The club was overjoyed with the women’s success. Freshman Michael Holland said, “It was pretty amazing watching our girls go out and win a national title. Thought they would … they definitely did.”

Rosa-Marie Compton and Sydney Gilstrap placed fourth and ninth, respectively, to give Clemson three top-ten finishers in the women’s half-marathon. Closely following them was Courtney Shearer at 11th. Meanwhile, the guys’ team placed eighth overall out of nineteen teams, led by Holland’s eighth place individual finish. Between the men’s and

women’s teams, Clemson produced four top-ten finishers, more than any

other school at the competition.

 “There’s a New Sheriff in Town”

As thrilling as this year’s finish was, the Tigs are even more excited for next year. Outgoing senior Will Rice declared “there’s a new

sheriff in town,” as freshmen Michael Holland and Courtney Shearer are set to take over as team leaders. The club expects to bring in more new members for the fall than it will lose to spring graduation. In particular, Shearer has high expectations for the future of the women’s side of the club.

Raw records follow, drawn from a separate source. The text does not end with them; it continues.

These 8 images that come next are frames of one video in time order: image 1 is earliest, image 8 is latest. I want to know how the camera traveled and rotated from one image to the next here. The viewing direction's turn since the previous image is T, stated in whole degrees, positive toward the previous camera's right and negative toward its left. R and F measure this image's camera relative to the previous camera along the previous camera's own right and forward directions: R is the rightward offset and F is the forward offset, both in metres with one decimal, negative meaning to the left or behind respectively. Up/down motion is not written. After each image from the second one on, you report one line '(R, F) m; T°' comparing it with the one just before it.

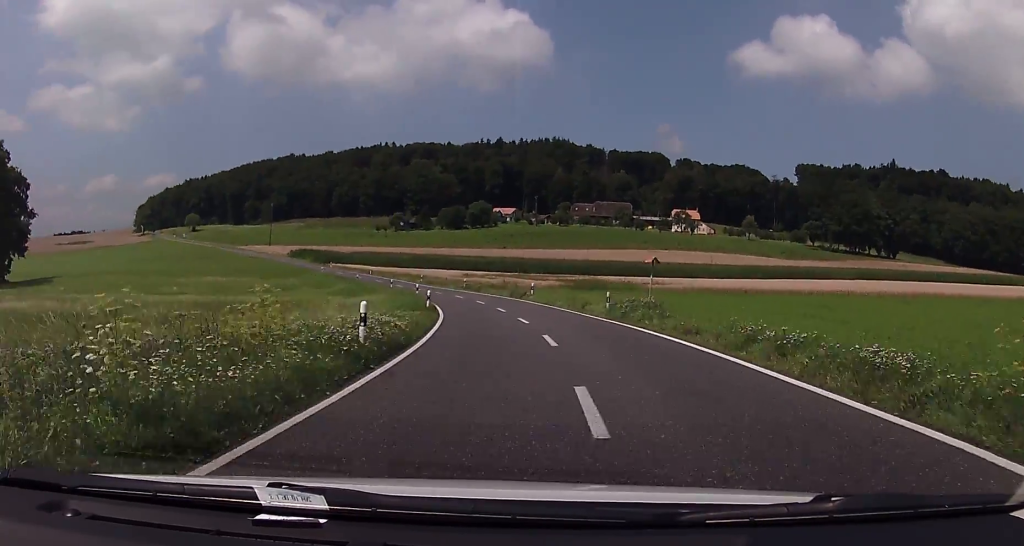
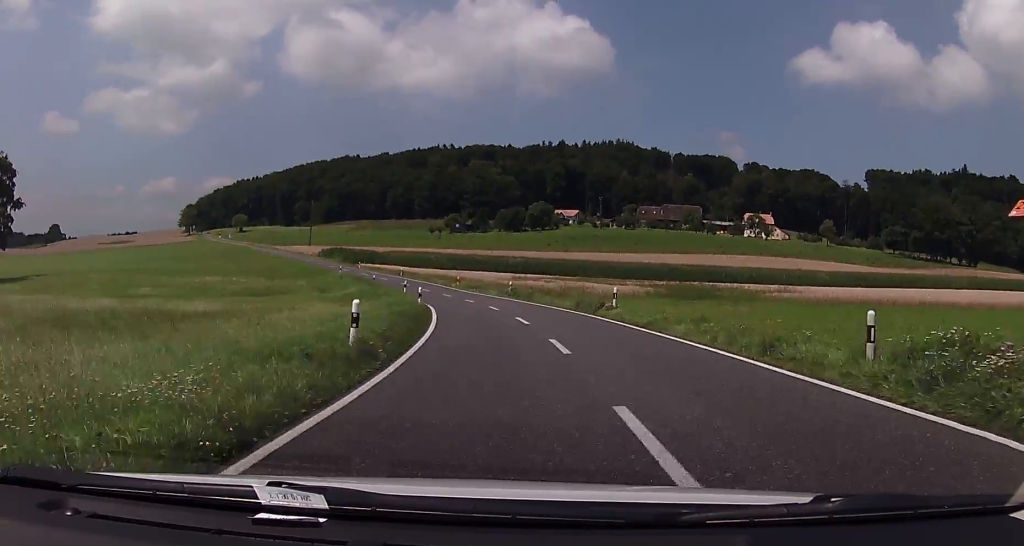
(-0.4, +19.4) m; -4°
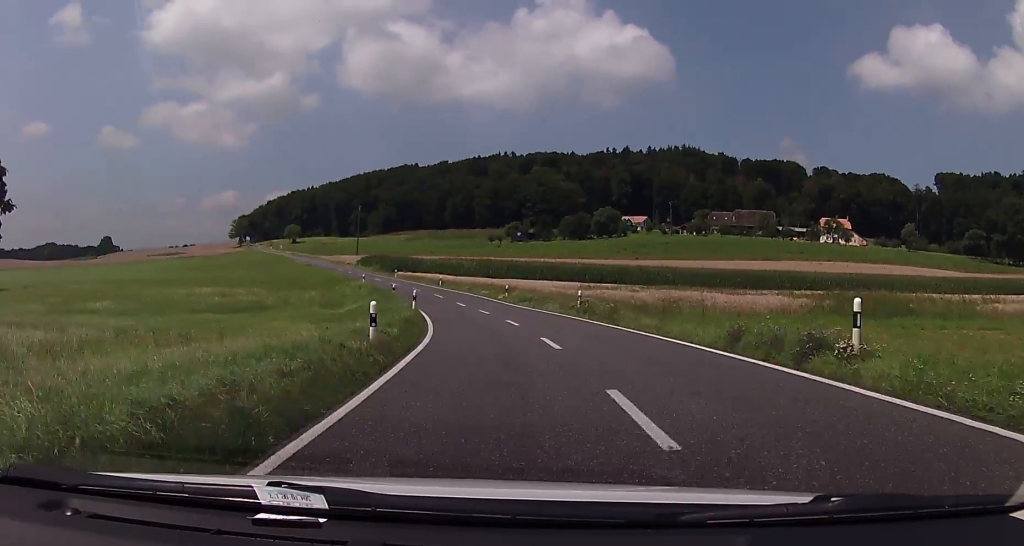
(-0.4, +16.5) m; -6°
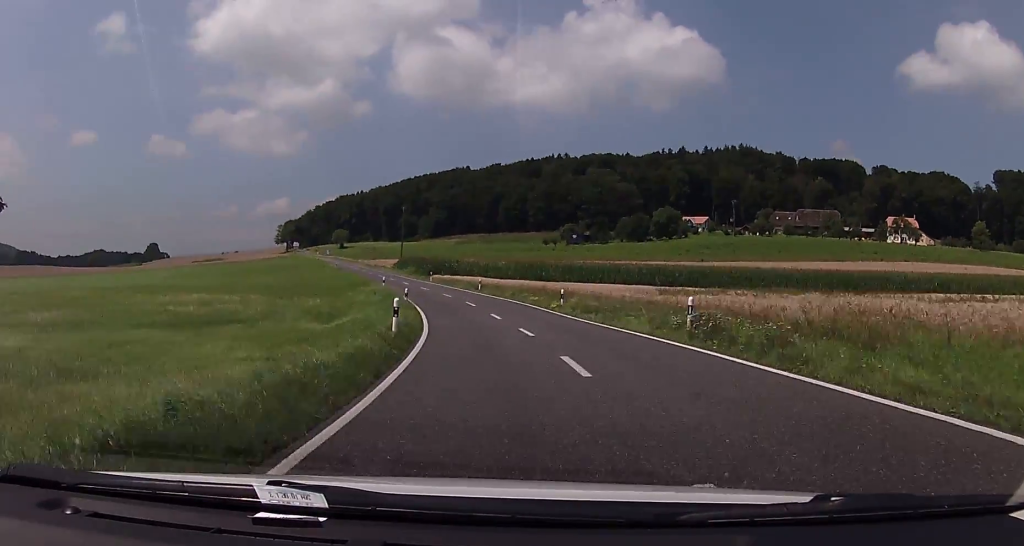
(-0.8, +13.0) m; -5°
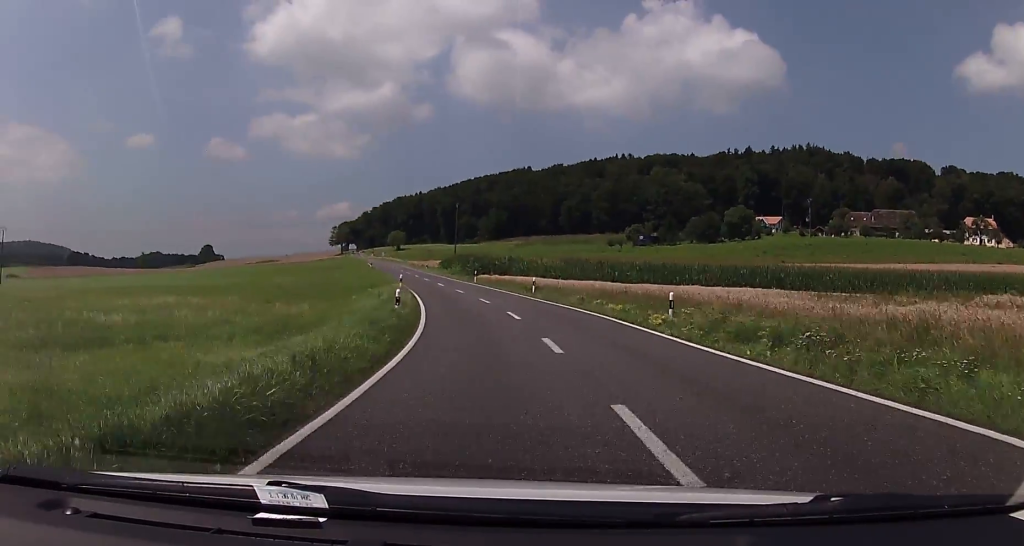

“When we got up in that stage at nationals, there were only four of us, and I watched all the Penn State girls with their massive squad of people on the stage,” Shearer recalls from the competition. She added that she “would just like to have our own large group of women competing together.”

Shearer also went as far to say that she hopes to establish a “tradition of dominance” with the        

team. Given how far the club has gone this year, that shouldn’t be a lofty expectation.

“I wish that I could run more years with these girls,” said senior Lucy Rummler with a smile. “I know that they’ll continue to do well in this race and in other races.”

The team meets every night at 6 p.m.  in Cox Plaza to run. They welcome runners of all experience and competitive levels.